I’m separated from my wife. Have an 8 year old boy and we share custody.
Recently her new partner has sent me a threatening text. I now do not wish to have contact with him (new partner) so am not keen on our child seeing me tense around drop offs and pick ups. I have no confidence that the threats will not happen when my child is there either.
Wife insists I do at least one drop off or pick up a week. She will not tell me if new partner is there or not. Says I have no right to know.
I have offered to sit down and talk to resolve issues , offered to exchange at a neutral venue or to arrange third parties do it. She has refused all this.
Now she wants to go to mediation about this (ironically it’s the only issue we have) and then court where she wants to get an order that I must go to her house.
Any thoughts? I think two reasonable people should be able to sort this one out but losing faith in that now!

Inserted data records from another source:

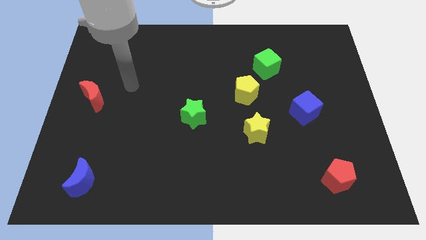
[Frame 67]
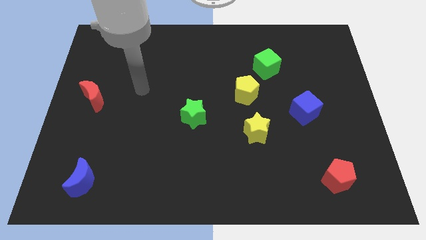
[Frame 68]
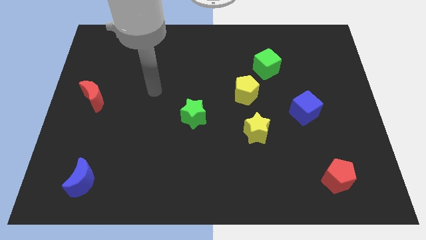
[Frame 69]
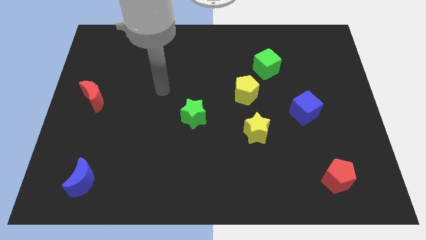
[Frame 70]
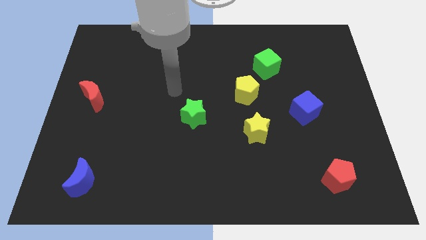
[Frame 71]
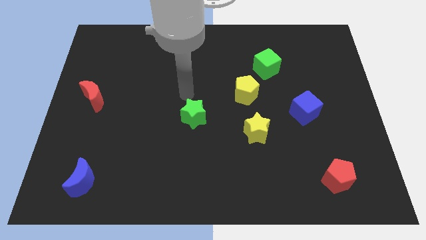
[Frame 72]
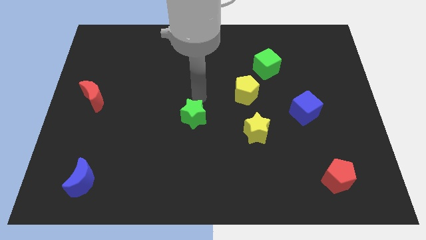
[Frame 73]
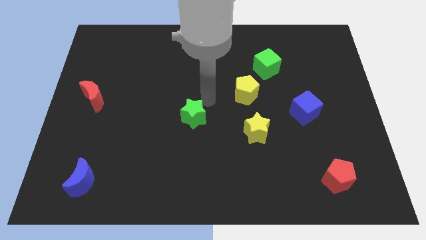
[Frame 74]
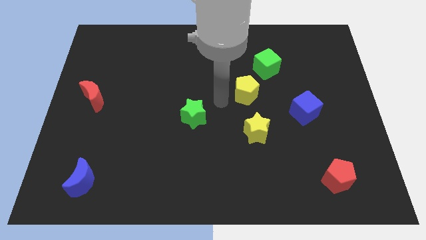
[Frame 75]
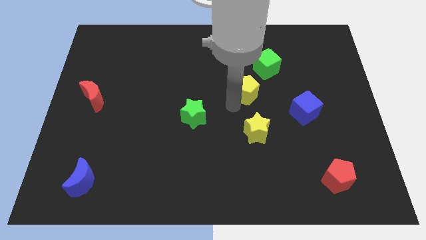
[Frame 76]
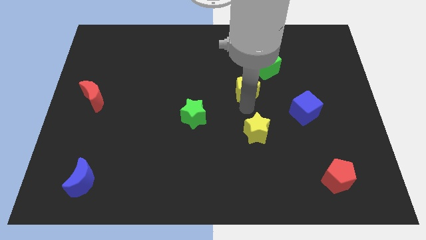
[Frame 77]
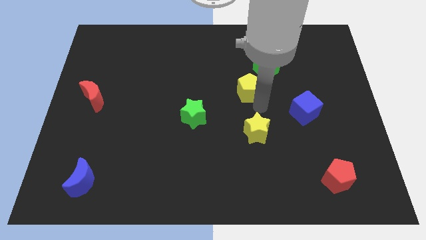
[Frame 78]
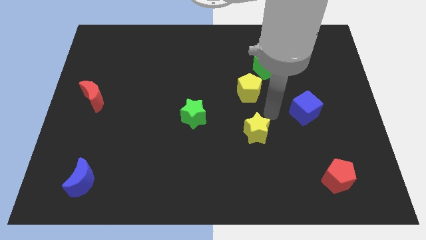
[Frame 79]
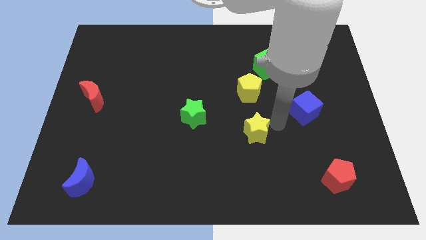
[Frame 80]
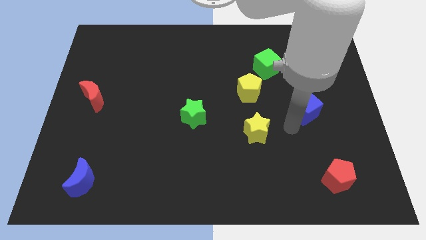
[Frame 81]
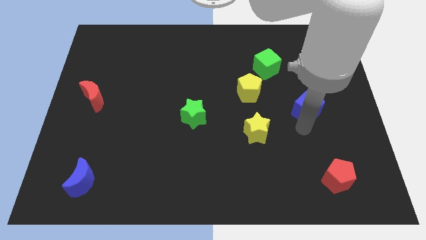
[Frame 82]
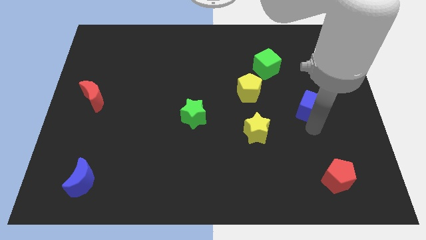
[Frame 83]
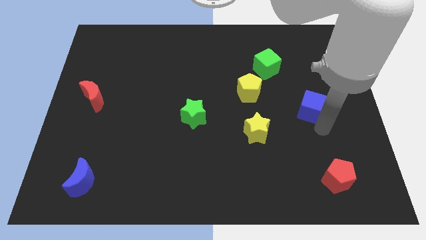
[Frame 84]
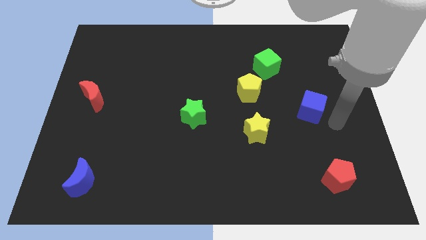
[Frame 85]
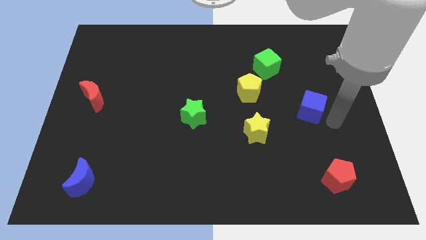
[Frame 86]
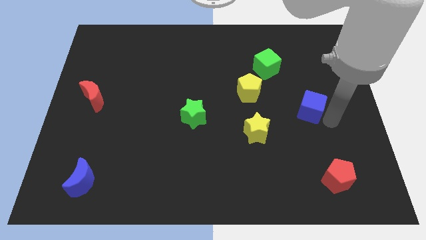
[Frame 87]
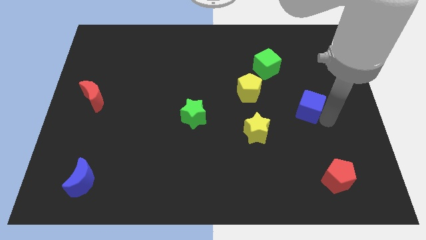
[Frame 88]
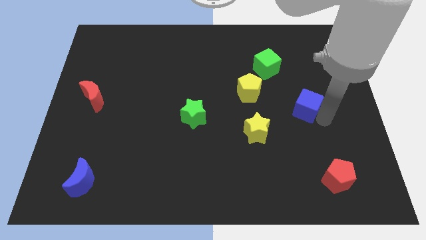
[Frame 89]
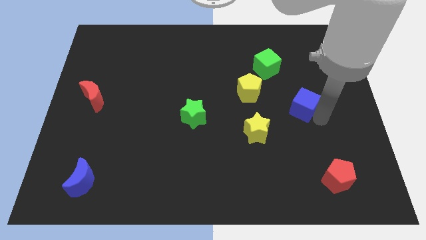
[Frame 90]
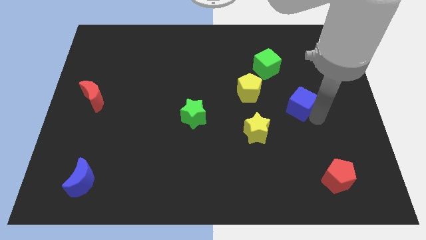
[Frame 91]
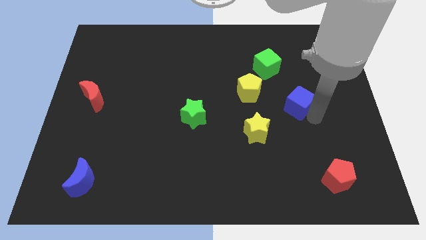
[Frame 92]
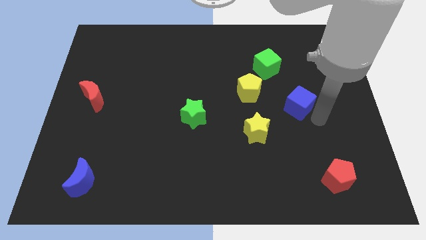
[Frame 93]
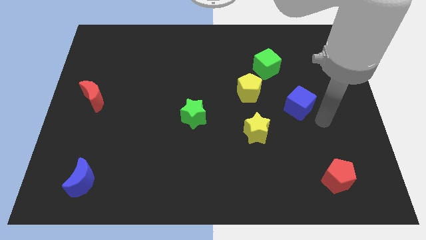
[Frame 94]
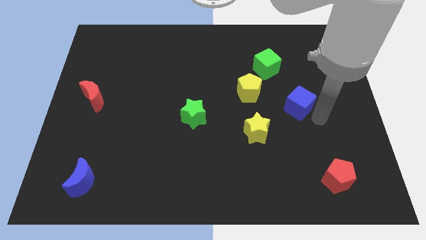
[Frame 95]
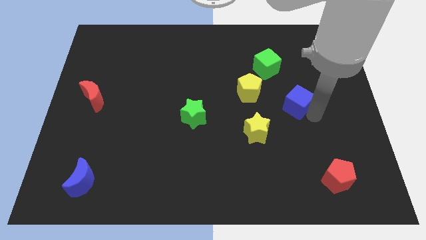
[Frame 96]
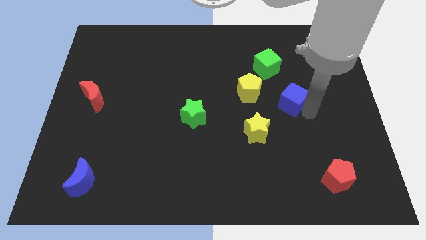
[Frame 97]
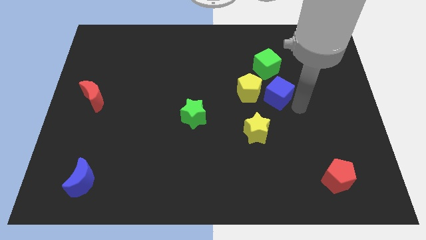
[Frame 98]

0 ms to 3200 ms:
slide the blue cube up and then to the left a little bit

Sorry if it comes across wrong but that is so unreasonable. You sound like you are trying your best and thats what you should continue doing. Your doing your very,very best in unforgiving circumstances. Your right,2 reasonable people should be able to resolve this but one (new ) person sounds like he wouldnt know what reasonable was if it jumped out of a bush,shouted im reasonable and proceeded to bite him on the butt. Do your best and keep any record of his behaviour. Incidently you do have the right to know if hes there or not due to his threatening text. He lost the moral ground right there!Oh and dont lose faith.
Have you explained that if you go to court, you will produce the threatening text as evidence, and no court will force you or your child in to a situation like that. It will also demonstrate her refusal to compromise.
Do her parents live locally? Or another trusted family member – sister, aunt? Can you suggest a mutually agreeable drop-off point.